- _Exercise aim_
Please retype the data below line for line and leave out every picture.

- _Supplied data_
────────────────────

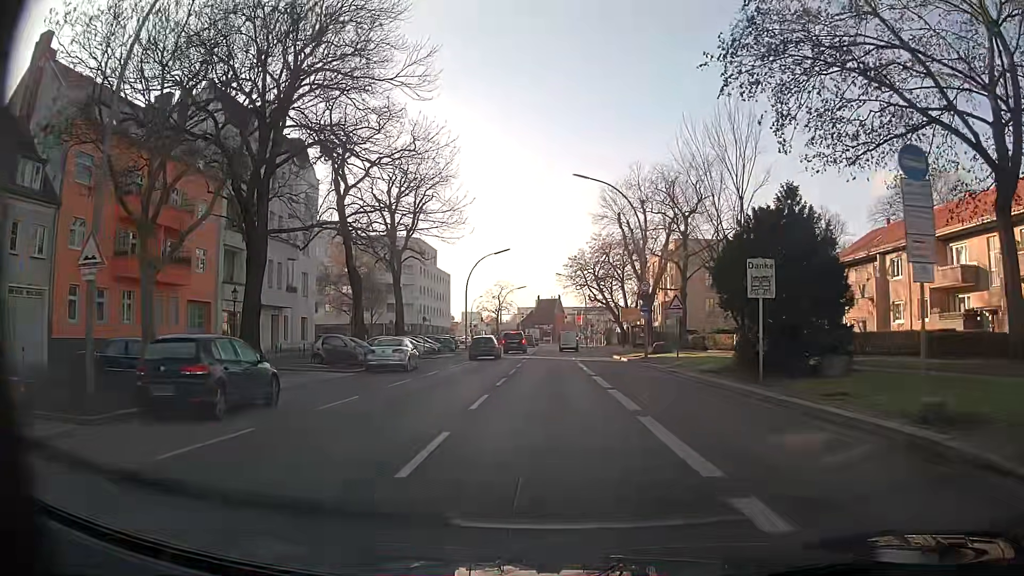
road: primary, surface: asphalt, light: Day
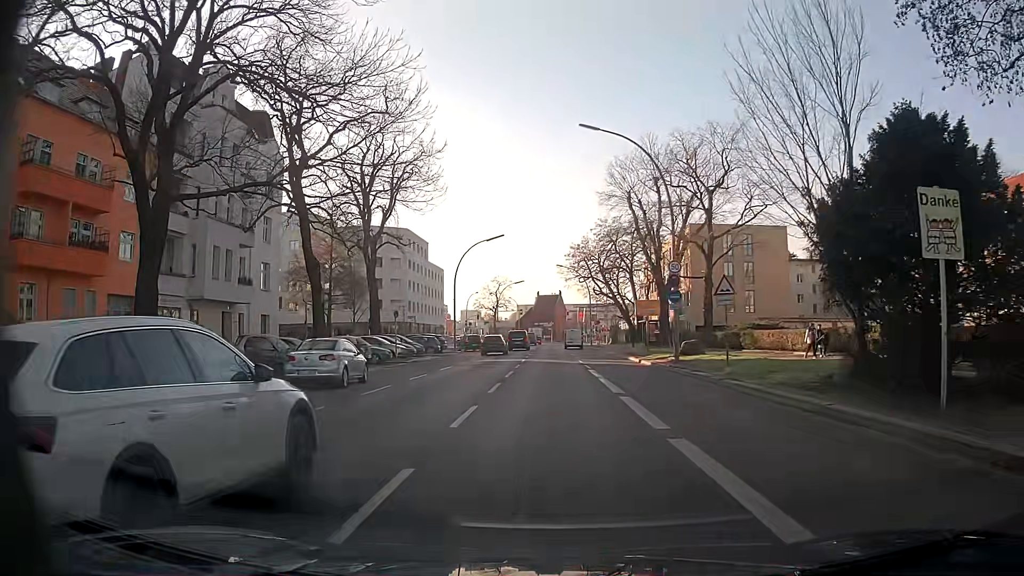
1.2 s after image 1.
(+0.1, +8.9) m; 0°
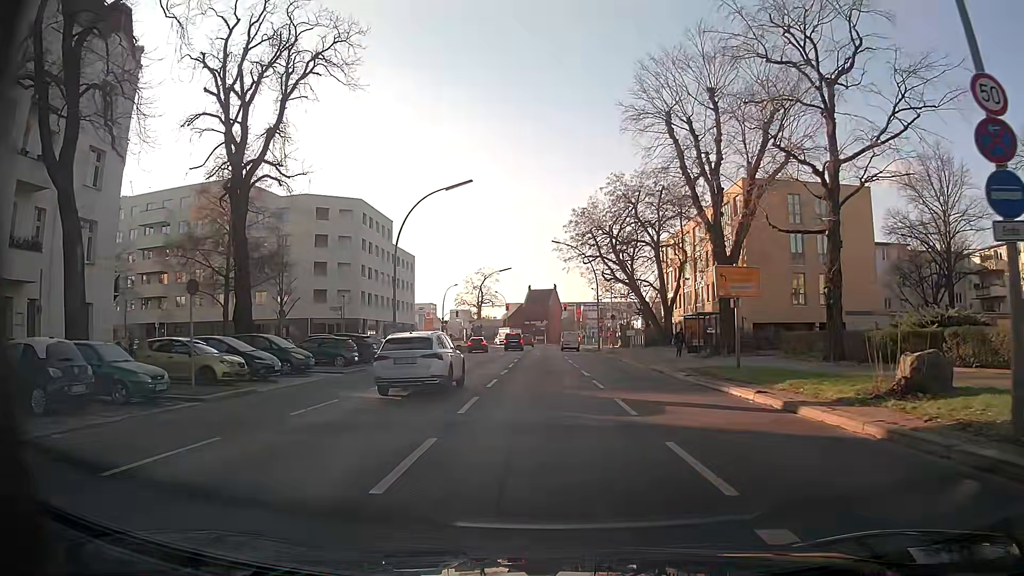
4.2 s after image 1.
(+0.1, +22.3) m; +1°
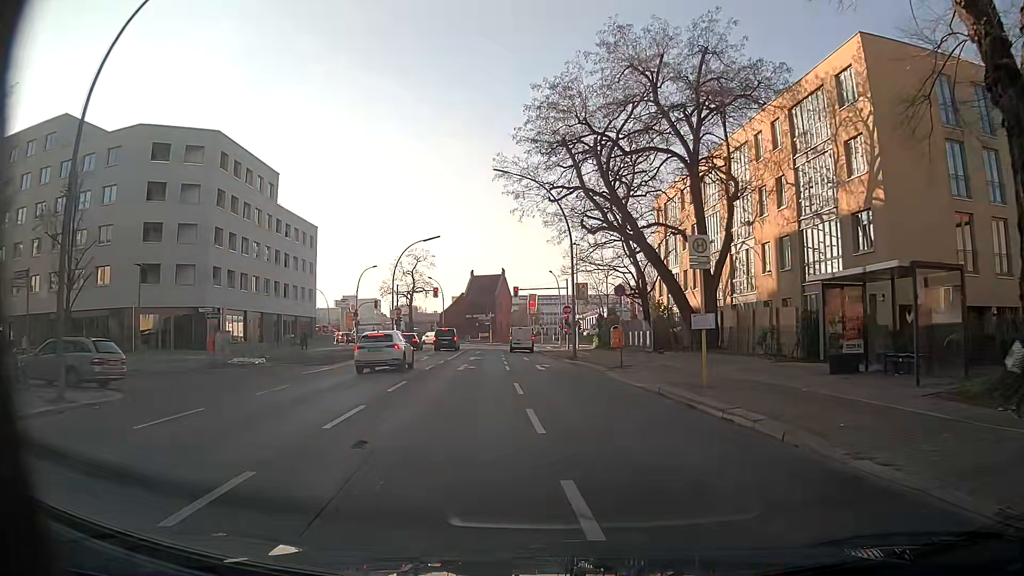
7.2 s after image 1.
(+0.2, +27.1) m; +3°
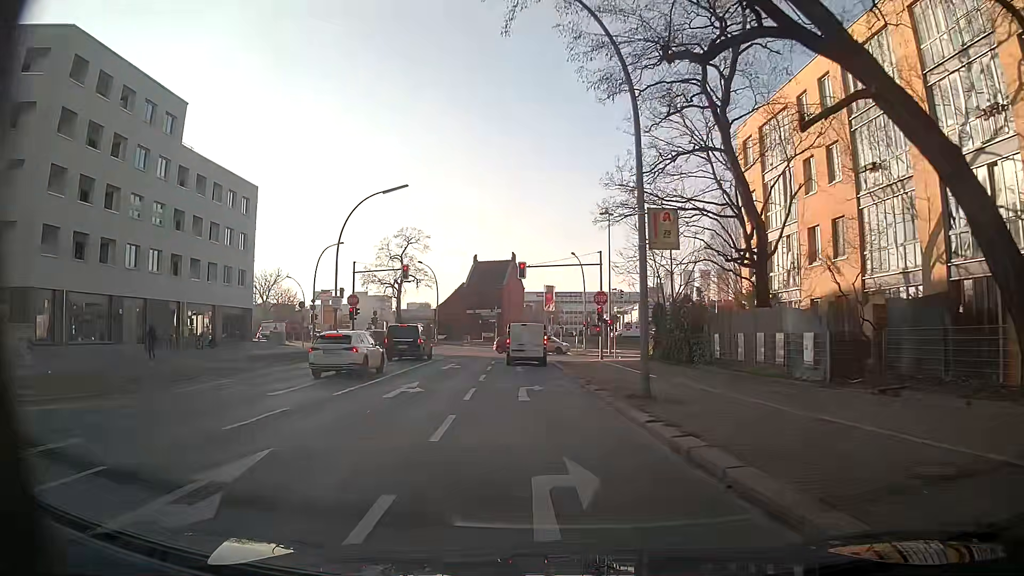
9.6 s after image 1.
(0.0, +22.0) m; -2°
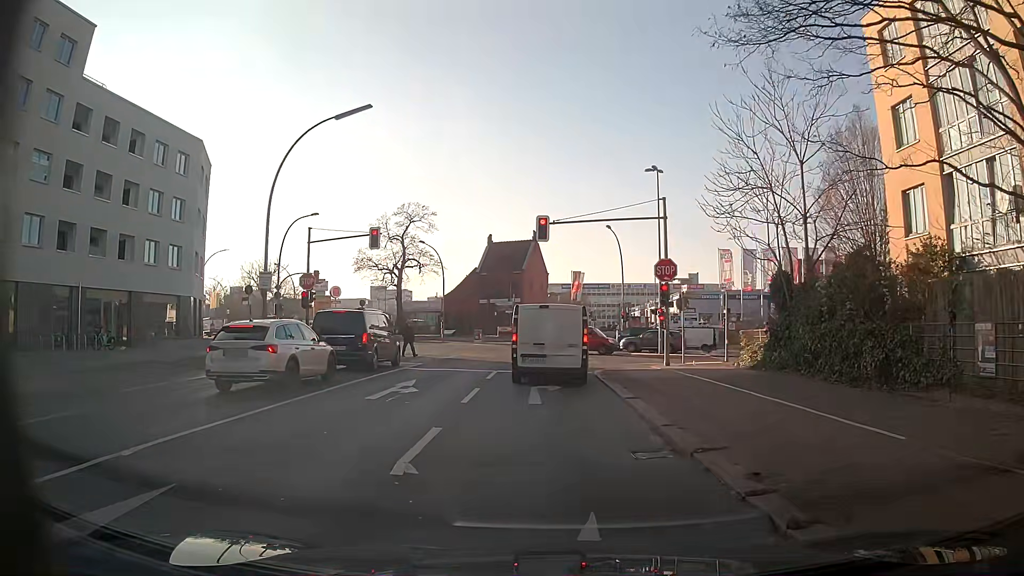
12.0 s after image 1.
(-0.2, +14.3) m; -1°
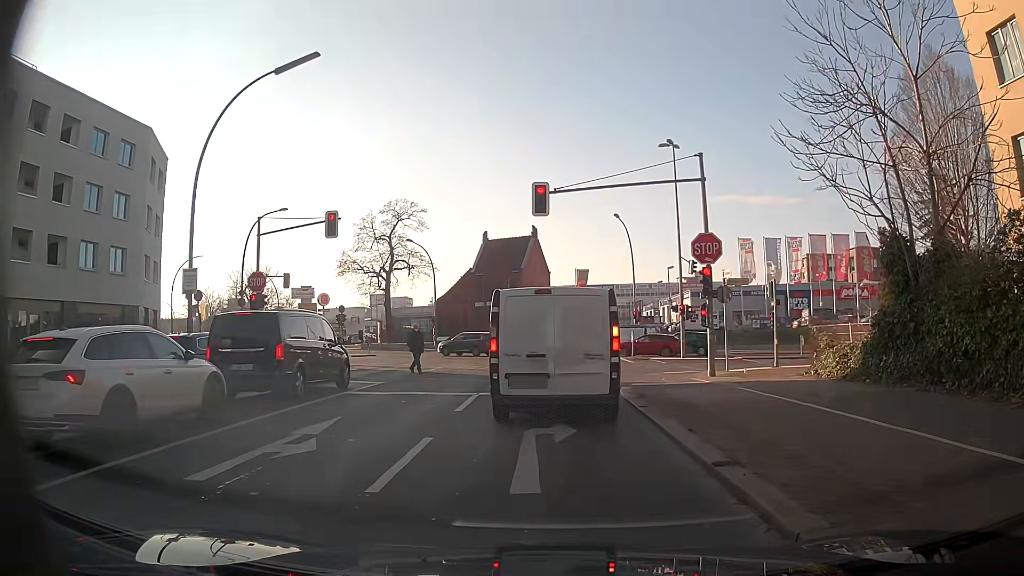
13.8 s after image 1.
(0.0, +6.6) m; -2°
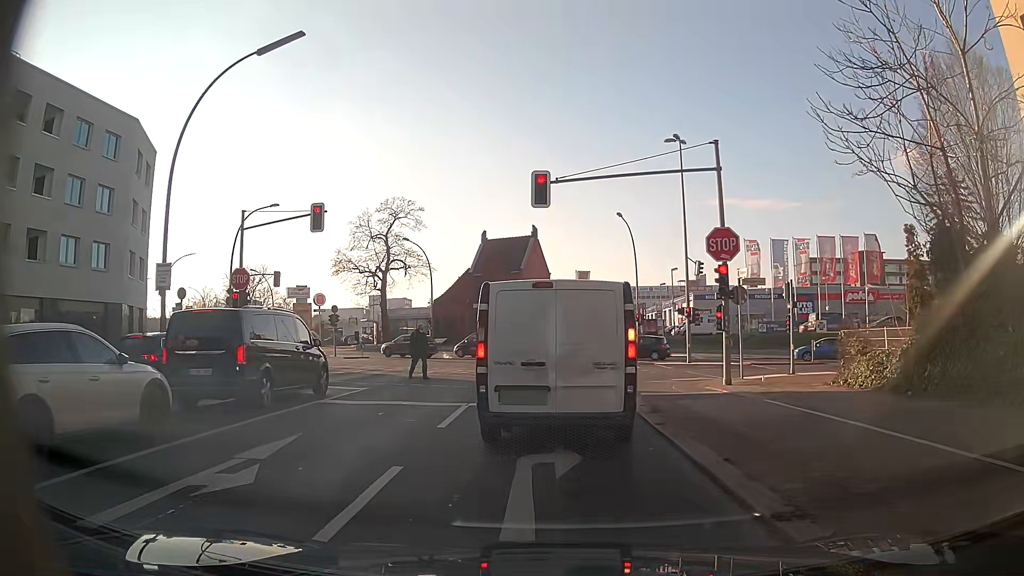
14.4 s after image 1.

────────────────────

- _Finished exercise_
road: primary, surface: asphalt, light: Day
1.2 s after image 1.
(+0.1, +8.9) m; 0°
4.2 s after image 1.
(+0.1, +22.3) m; +1°
7.2 s after image 1.
(+0.2, +27.1) m; +3°
9.6 s after image 1.
(0.0, +22.0) m; -2°
12.0 s after image 1.
(-0.2, +14.3) m; -1°
13.8 s after image 1.
(0.0, +6.6) m; -2°
14.4 s after image 1.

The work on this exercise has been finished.